Integration

Another way of proceeding......This can be done only if RHS is known

(x-y)² = x/y
2 log (x-y) = log x - log y
Differentiating,
2{1/(x-y)}.{1-y'} = [(1/x) - y'/(y)]
2/(x-y) - 2y'/(x-y) = 1/x - y'/y
y'[1/y - 2/(x-y)] = [1/x - 2/(x-y)]
y' = - (y/x) . {(x+y)/(x-3y)}

RHS = (1/2) log [(x-y)² - 1]
= (1/2) log [(x/y) - 1] since (x-y)²=x/y
= (1/2) log [(x-y)/y]
= (1/2) log (x-y) - (1/2) log y

d(RHS)/dx = (1/2) [ {(1-y')/(x-y)} - y'/y ]
= (1/2) [ {1/(x-y)} - y'. { x/(y(x-y)) } ]
= (1/2) [ {1/(x-y)} + (y/x) . {(x+y)/(x-3y)} . {x/(y(x-y))} ]
= (1/2) [ {1/(x-y)} + (x+y)/{(x-3y)(x-y)}]
= (1/2) [ {(x-3y) + (x+y)}/{(x-3y)(x-y)} ]
= 1/(x-3y)

Therefore,

∫ dx/(x-3y) = RHS = (1/2) log [(x-y)² - 1] [1][1][1]

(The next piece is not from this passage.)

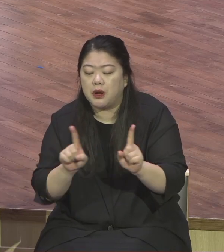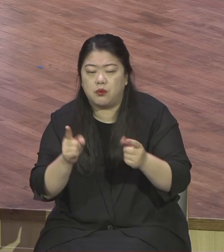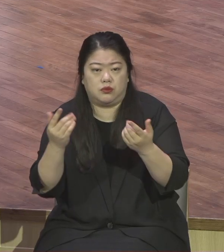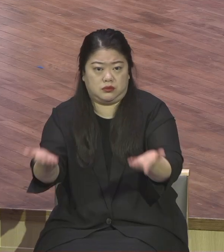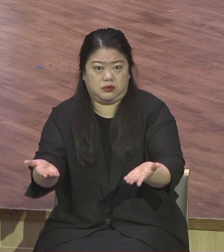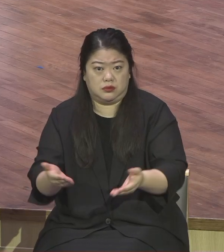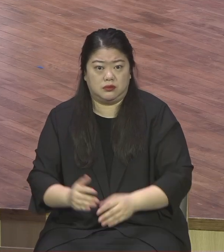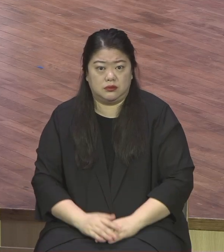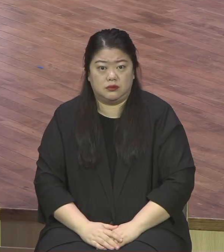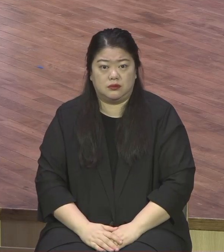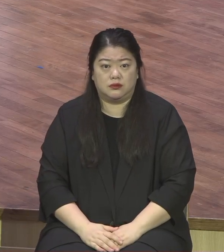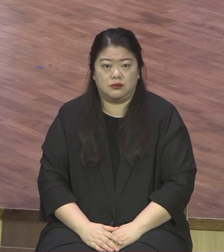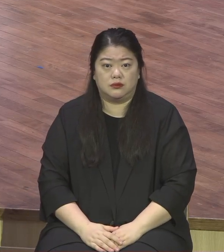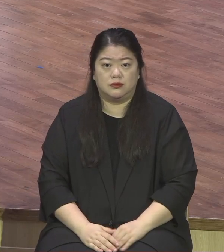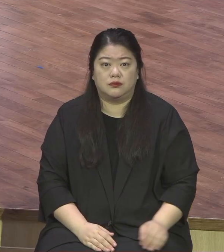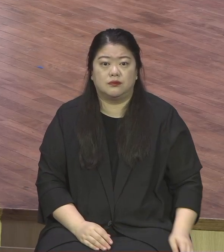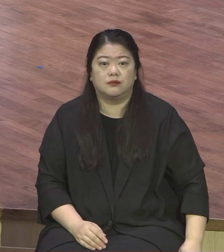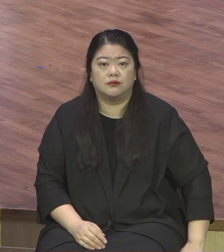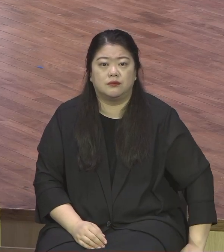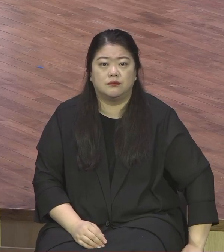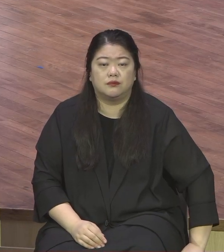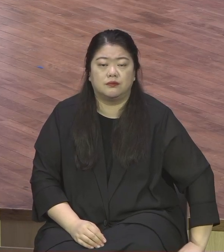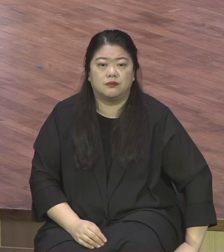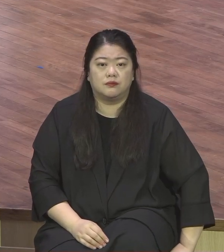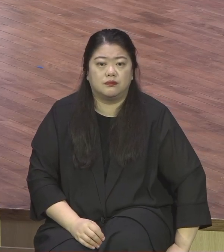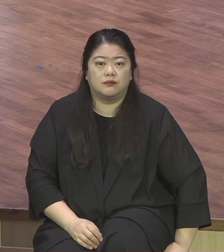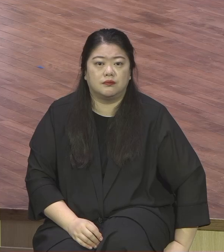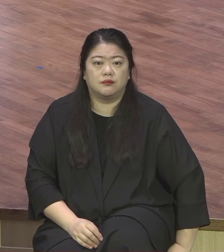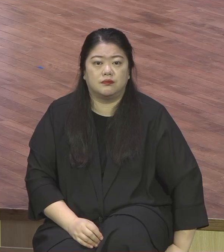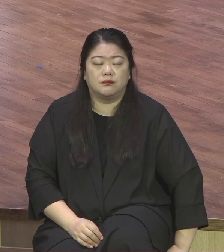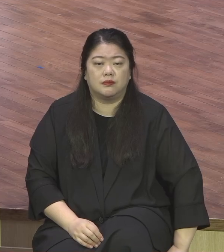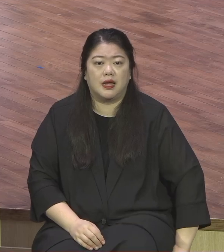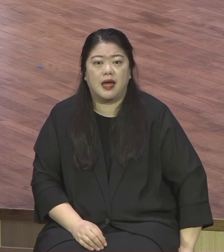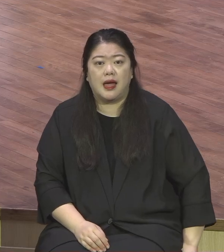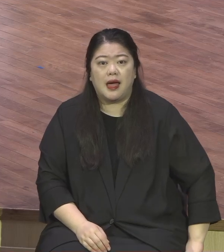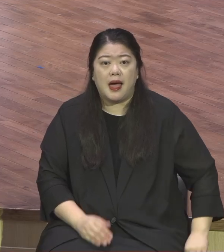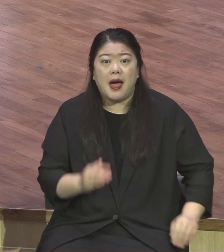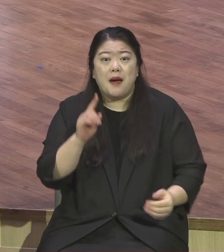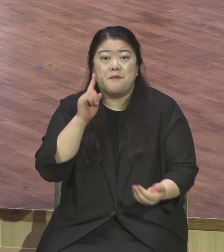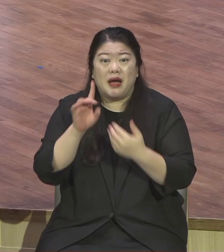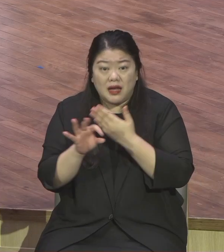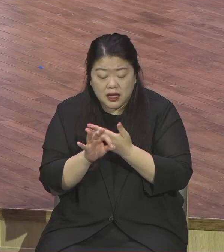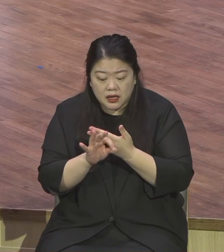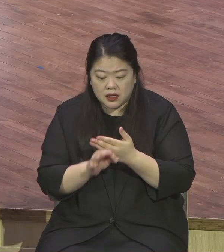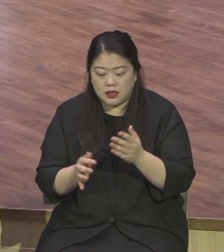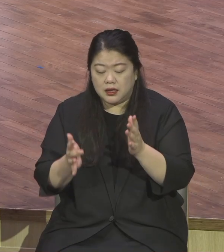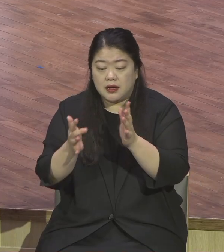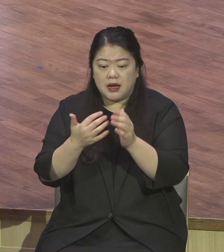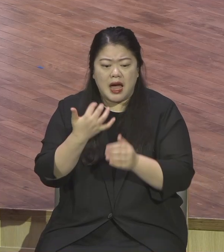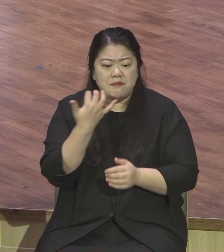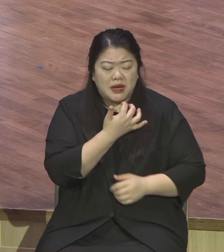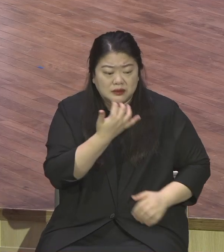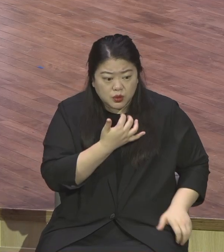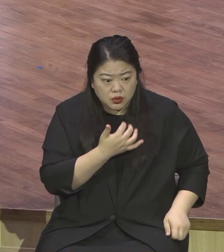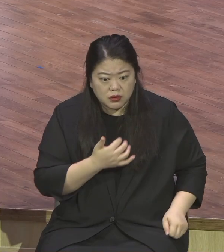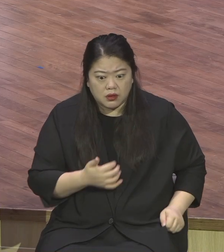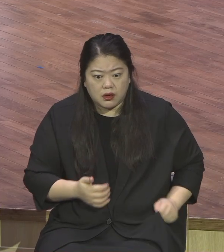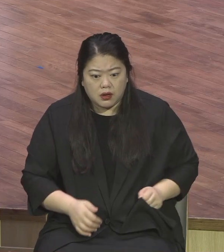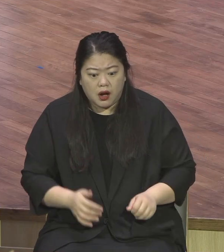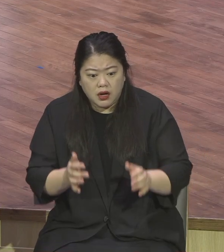만약 예수님께서 절망 가운데 있던 베드로를 한 번도 찾아오셔서 만나 주시지 않으셨다고 하면

rk is the questn this Prove : ∫ dx/(x-3y) = (1/2) [log (x-y)² - 1]

or

Prove : ∫ dx/(x-3y) = (1/2) [log {(x-y)² - 1}]???

yeah..even i feel integrating the given fn is a bit difficult.
well...the actual ques is not this!!!
It is actually :-
If y(x-y)² = x , then
Prove : ∫ dx/(x-3y) = (1/2) log [(x-y)² - 1]

which is simpler than integrating...!!

Try this...and i'll post the soln. tomorrow.

post da ans buddy!!!!!!!!!1

not gettin u exactly unique!!!

i got ∂y/∂x = (1 + y^2 -2xy ) / (x^2 - 4xy)

wat 2 do next?

tapan, have the equation's derivative n find the integration of the equation on the other side of dx/(x-3y)

i.e; ∫(x-y)dy

but constants can vary ..but i dont think it matters !

sum1 try this!!!

HOW U GET D ANS PLZZZZZZ EXPLAIN